Before we go to the simplex method, we need to learn how to represent the linear program in an **equational form **and** **what are **basic feasible solutions**.
The simplex method requires an equational form of linear program representation. It looks like this:
Maximize cᵀx subject to Ax=b, x≥0
x is the vector of variables, A is a given m×n matrix, c∈ Rⁿ, b∈ Rᵐ are given vectors, and 0 is the zero vector, in this case with n components. All variables in the equational form have to satisfy the nonnegativity constraints.
Let’s grab the linear program from the previous part and represent it in equational form.
Maximize the value x₁ + x₂ among all vector (x₁, x₂) ∈ R², satisfying the constraints:
x₁ ≥ 0
x₂ ≥ 0
4x₂ - x₁ ≤ 13
x₂ + 2x₁ ≤ 10
In order to convert the inequality 4x₂ -x₁ ≤ 13 we introduce a new variable x₃, together with the nonnegativity constraint x₃ ≥ 0, and we replace the considered inequality by the equation -x₁ + 4x₂ + x₃ = 13. The additional variable(slack variable) x₃, which won’t appear anywhere else in the transformed linear program, represents the difference between the right-hand side and the left-hand side of the inequality.
We need to do the same with x₂ + 2x₁≤ 10. We introduce a new slack variable x₃, together with the nonnegativity constraint x₄ ≥ 0. As a result, we have this equation 2x₁ + x₂ + x₄ = 10.
The resulting equational form of our linear program looks this way:
Maximize x₁ + x₂ subject to
-x₁ + 4x₂ + x₃ = 13
2x₁ +x₂ + x₄ = 10
x₁ ≥ 0, x₂ ≥ 0, x₃ ≥ 0, x₄ ≥ 0
As is derived in linear algebra, the set of all solutions of the system Ax = b is an affine subspace F of the space Rⁿ. Hence the set of all feasible solutions of the linear program is the intersection of F with the nonnegative orthant, which is the set of all points in Rⁿ with all coordinates nonnegative.
Let’s come back to the previous example. We have two equations that describe lines. In such case after solving system, we will obtain the only solution — point.
Let’s take a look at another example.
Maximize x₁ + x₂ subject to
x₁ + x₂ = 3
x₁ ≥ 0, x₂ ≥ 0
In this linear program we have only one equation and therefore the set of all solutions — line(red) and the set of all feasible solutions — segment(green).
If we have n=3 variables and m=1 equation, for example x₁ + x₂ + x₃ = 3 we will have this picture:
The set of all possible solutions of Ax = b in this example is a plane. If we apply nonnegativity rule(*x₁ ≥ 0, x₂ ≥ 0, *x₃ ≥ 0), we will obtain the set of all feasible solutions(orange triangle).
With an understanding of what is the equational form, we can state the requirements for a linear program.
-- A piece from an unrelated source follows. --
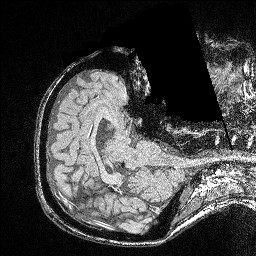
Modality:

We will consider only linear program in equational form such that
1. The system of equations Ax=b has at least one solution.
2. The rows of the matrix A are linearly independent.
If the system Ax = b has no solution linear program has no feasible solution either. If some row of A is a linear combination of the other rows, then the corresponding equation is redundant and it can be deleted from the system without changing the set of equations.
Among all feasible solutions of a linear program, a privileged status is granted to basic feasible solutions. Expressed geometrically a basic feasible solution is a tip (corner, spike) of the set of feasible solutions.
A basic feasible solution of the linear program
maximize cᵀx subject to Ax=b, x≥0
is a feasible solution x∈ Rⁿ for which there exists an m-element set S *⊆ {1, 2, . . . , n} such that
1. The (square) matrix Aₛ is nonsingular, i.e., the columns indexed by B are linearly independent.
2. xⱼ=0 for all J ∉ S.
If such a S is fixed, we call the variables xⱼ with* j ∈ S* the basic variables, while the remaining variables are called nonbasic.